(The task):
Take the entries below and print only the lines from the one with "Question: Were any" through the one with "Answer: no objects moved", exactly as they stand, both ends included.

Records from a collection:
##############################

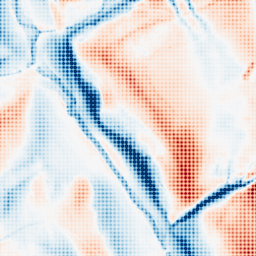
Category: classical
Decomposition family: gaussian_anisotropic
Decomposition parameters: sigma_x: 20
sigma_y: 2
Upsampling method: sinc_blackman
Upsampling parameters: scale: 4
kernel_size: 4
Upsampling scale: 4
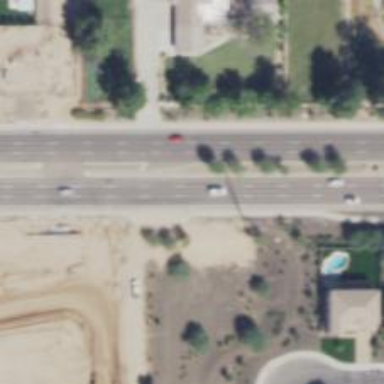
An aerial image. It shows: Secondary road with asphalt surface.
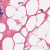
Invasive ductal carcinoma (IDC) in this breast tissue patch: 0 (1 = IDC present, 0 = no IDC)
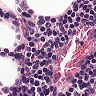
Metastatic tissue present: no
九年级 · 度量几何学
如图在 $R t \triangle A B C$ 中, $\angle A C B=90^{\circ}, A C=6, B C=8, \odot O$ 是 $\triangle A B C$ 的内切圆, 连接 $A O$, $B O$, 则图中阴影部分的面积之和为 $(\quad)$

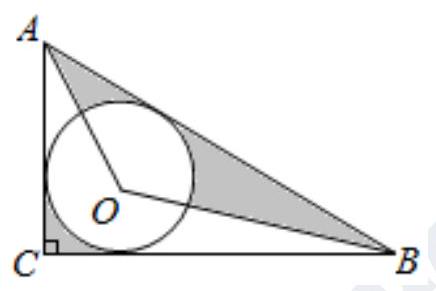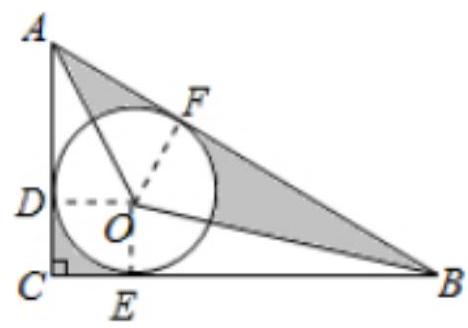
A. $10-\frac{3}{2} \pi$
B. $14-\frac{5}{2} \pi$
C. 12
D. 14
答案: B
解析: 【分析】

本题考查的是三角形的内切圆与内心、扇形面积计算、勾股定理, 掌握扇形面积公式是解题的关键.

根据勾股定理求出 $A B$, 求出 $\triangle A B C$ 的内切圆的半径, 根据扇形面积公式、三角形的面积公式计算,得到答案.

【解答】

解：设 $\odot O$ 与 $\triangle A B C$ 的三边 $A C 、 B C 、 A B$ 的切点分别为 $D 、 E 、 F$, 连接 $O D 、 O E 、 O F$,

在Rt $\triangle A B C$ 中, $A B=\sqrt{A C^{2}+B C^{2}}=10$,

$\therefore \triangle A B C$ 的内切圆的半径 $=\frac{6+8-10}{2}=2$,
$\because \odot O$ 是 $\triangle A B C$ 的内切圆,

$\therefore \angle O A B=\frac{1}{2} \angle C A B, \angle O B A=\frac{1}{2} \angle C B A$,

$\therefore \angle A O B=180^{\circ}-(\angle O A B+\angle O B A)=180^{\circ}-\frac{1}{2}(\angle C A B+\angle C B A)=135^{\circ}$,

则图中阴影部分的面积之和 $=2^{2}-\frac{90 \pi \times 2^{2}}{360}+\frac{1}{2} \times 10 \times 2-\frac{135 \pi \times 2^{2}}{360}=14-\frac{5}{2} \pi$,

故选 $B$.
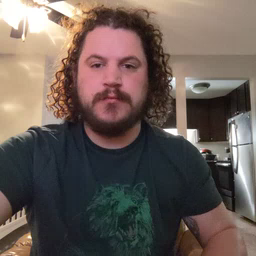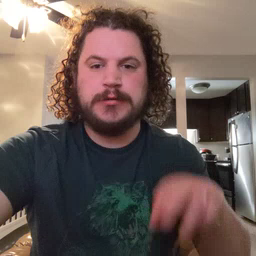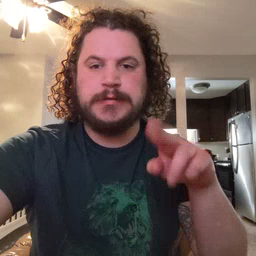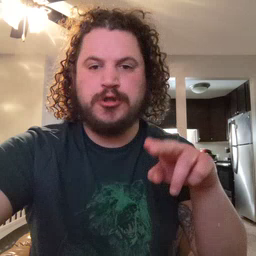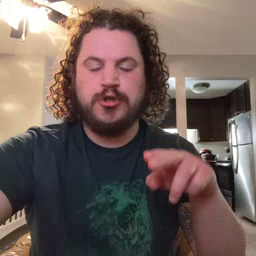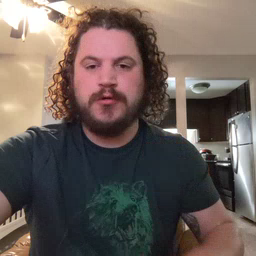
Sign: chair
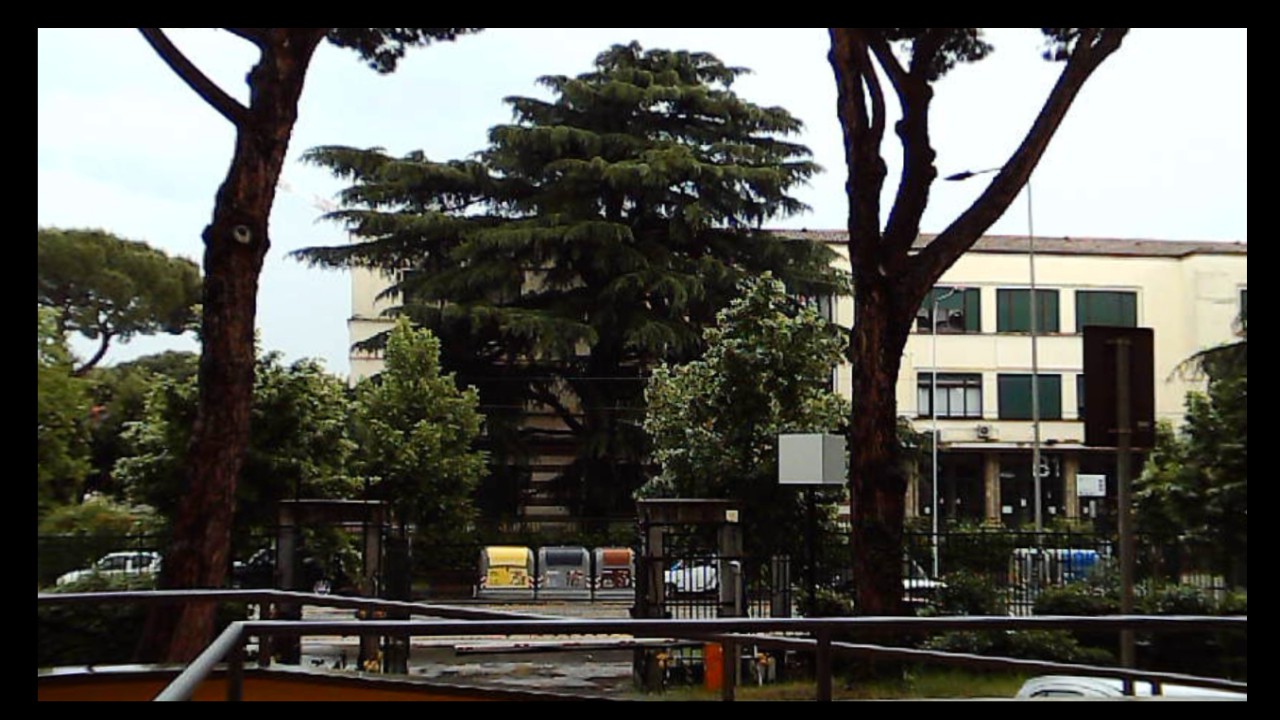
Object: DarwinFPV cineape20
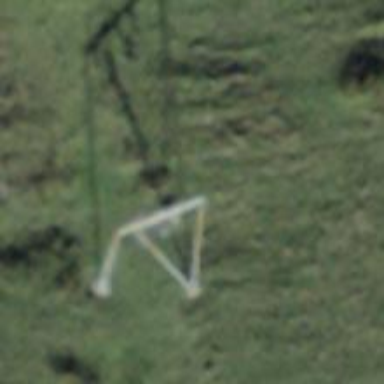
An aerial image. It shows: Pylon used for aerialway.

##############################

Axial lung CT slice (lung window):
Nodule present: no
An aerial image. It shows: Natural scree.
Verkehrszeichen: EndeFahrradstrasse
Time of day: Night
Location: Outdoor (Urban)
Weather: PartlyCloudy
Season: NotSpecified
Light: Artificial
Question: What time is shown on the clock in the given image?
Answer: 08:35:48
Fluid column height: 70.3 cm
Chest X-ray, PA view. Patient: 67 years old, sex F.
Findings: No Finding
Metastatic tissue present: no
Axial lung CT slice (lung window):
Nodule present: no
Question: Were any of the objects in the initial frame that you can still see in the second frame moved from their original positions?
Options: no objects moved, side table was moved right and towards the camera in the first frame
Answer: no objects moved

##############################

(Expected output):
Question: Were any of the objects in the initial frame that you can still see in the second frame moved from their original positions?
Options: no objects moved, side table was moved right and towards the camera in the first frame
Answer: no objects moved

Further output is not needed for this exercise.